Brief
Where a line looks odd, keep it as it is and transcribe all the material.

Source data
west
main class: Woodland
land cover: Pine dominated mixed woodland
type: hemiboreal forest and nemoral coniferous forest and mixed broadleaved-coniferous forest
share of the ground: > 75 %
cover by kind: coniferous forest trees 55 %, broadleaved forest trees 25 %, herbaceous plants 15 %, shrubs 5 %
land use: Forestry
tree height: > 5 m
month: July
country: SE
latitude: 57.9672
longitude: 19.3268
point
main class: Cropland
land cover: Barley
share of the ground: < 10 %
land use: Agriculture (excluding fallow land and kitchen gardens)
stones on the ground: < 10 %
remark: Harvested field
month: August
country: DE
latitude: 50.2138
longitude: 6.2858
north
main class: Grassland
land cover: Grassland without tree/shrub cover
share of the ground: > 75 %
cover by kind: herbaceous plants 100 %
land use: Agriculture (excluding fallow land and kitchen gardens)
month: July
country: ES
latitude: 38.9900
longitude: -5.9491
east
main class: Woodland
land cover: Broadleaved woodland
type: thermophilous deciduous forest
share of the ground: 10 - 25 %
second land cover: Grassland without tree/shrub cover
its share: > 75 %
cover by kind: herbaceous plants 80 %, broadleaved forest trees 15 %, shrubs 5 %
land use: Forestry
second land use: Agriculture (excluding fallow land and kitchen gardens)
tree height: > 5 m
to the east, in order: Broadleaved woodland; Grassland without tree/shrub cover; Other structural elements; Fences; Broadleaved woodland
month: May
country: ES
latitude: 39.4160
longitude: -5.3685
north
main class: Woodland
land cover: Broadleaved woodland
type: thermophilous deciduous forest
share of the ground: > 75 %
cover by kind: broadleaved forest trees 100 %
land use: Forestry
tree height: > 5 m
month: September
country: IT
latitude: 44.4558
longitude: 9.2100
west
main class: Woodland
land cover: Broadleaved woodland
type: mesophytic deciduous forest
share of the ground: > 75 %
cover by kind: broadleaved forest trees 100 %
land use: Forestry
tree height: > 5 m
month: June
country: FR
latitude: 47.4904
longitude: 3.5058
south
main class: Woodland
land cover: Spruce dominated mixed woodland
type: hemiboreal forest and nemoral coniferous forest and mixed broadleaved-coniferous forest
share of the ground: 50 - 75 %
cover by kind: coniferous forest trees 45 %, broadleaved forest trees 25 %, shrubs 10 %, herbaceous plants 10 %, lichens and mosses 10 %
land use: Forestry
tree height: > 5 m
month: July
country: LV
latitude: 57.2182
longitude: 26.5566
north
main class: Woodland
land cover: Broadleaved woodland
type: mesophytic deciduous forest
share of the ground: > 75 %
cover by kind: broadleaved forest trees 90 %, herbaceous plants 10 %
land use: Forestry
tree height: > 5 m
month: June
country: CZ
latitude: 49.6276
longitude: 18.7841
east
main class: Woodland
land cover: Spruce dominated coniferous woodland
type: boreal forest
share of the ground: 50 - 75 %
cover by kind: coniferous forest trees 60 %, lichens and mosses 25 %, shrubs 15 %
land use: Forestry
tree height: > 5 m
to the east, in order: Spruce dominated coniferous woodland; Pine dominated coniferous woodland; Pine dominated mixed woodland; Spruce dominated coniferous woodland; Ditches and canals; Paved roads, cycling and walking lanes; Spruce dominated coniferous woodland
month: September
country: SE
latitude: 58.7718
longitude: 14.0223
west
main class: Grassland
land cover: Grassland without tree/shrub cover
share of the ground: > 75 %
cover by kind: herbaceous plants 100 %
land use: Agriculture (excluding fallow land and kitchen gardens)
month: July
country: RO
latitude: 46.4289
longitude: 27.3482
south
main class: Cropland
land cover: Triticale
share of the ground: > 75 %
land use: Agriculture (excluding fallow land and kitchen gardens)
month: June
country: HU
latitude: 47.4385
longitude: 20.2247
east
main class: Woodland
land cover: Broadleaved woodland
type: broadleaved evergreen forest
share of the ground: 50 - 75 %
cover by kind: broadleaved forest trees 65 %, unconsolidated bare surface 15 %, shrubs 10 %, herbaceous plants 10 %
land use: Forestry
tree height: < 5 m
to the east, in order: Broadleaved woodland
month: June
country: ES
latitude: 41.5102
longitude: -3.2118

Answer to the exercise
west
main class: Woodland
land cover: Pine dominated mixed woodland
type: hemiboreal forest and nemoral coniferous forest and mixed broadleaved-coniferous forest
share of the ground: > 75 %
cover by kind: coniferous forest trees 55 %, broadleaved forest trees 25 %, herbaceous plants 15 %, shrubs 5 %
land use: Forestry
tree height: > 5 m
month: July
country: SE
latitude: 57.9672
longitude: 19.3268
point
main class: Cropland
land cover: Barley
share of the ground: < 10 %
land use: Agriculture (excluding fallow land and kitchen gardens)
stones on the ground: < 10 %
remark: Harvested field
month: August
country: DE
latitude: 50.2138
longitude: 6.2858
north
main class: Grassland
land cover: Grassland without tree/shrub cover
share of the ground: > 75 %
cover by kind: herbaceous plants 100 %
land use: Agriculture (excluding fallow land and kitchen gardens)
month: July
country: ES
latitude: 38.9900
longitude: -5.9491
east
main class: Woodland
land cover: Broadleaved woodland
type: thermophilous deciduous forest
share of the ground: 10 - 25 %
second land cover: Grassland without tree/shrub cover
its share: > 75 %
cover by kind: herbaceous plants 80 %, broadleaved forest trees 15 %, shrubs 5 %
land use: Forestry
second land use: Agriculture (excluding fallow land and kitchen gardens)
tree height: > 5 m
to the east, in order: Broadleaved woodland; Grassland without tree/shrub cover; Other structural elements; Fences; Broadleaved woodland
month: May
country: ES
latitude: 39.4160
longitude: -5.3685
north
main class: Woodland
land cover: Broadleaved woodland
type: thermophilous deciduous forest
share of the ground: > 75 %
cover by kind: broadleaved forest trees 100 %
land use: Forestry
tree height: > 5 m
month: September
country: IT
latitude: 44.4558
longitude: 9.2100
west
main class: Woodland
land cover: Broadleaved woodland
type: mesophytic deciduous forest
share of the ground: > 75 %
cover by kind: broadleaved forest trees 100 %
land use: Forestry
tree height: > 5 m
month: June
country: FR
latitude: 47.4904
longitude: 3.5058
south
main class: Woodland
land cover: Spruce dominated mixed woodland
type: hemiboreal forest and nemoral coniferous forest and mixed broadleaved-coniferous forest
share of the ground: 50 - 75 %
cover by kind: coniferous forest trees 45 %, broadleaved forest trees 25 %, shrubs 10 %, herbaceous plants 10 %, lichens and mosses 10 %
land use: Forestry
tree height: > 5 m
month: July
country: LV
latitude: 57.2182
longitude: 26.5566
north
main class: Woodland
land cover: Broadleaved woodland
type: mesophytic deciduous forest
share of the ground: > 75 %
cover by kind: broadleaved forest trees 90 %, herbaceous plants 10 %
land use: Forestry
tree height: > 5 m
month: June
country: CZ
latitude: 49.6276
longitude: 18.7841
east
main class: Woodland
land cover: Spruce dominated coniferous woodland
type: boreal forest
share of the ground: 50 - 75 %
cover by kind: coniferous forest trees 60 %, lichens and mosses 25 %, shrubs 15 %
land use: Forestry
tree height: > 5 m
to the east, in order: Spruce dominated coniferous woodland; Pine dominated coniferous woodland; Pine dominated mixed woodland; Spruce dominated coniferous woodland; Ditches and canals; Paved roads, cycling and walking lanes; Spruce dominated coniferous woodland
month: September
country: SE
latitude: 58.7718
longitude: 14.0223
west
main class: Grassland
land cover: Grassland without tree/shrub cover
share of the ground: > 75 %
cover by kind: herbaceous plants 100 %
land use: Agriculture (excluding fallow land and kitchen gardens)
month: July
country: RO
latitude: 46.4289
longitude: 27.3482
south
main class: Cropland
land cover: Triticale
share of the ground: > 75 %
land use: Agriculture (excluding fallow land and kitchen gardens)
month: June
country: HU
latitude: 47.4385
longitude: 20.2247
east
main class: Woodland
land cover: Broadleaved woodland
type: broadleaved evergreen forest
share of the ground: 50 - 75 %
cover by kind: broadleaved forest trees 65 %, unconsolidated bare surface 15 %, shrubs 10 %, herbaceous plants 10 %
land use: Forestry
tree height: < 5 m
to the east, in order: Broadleaved woodland
month: June
country: ES
latitude: 41.5102
longitude: -3.2118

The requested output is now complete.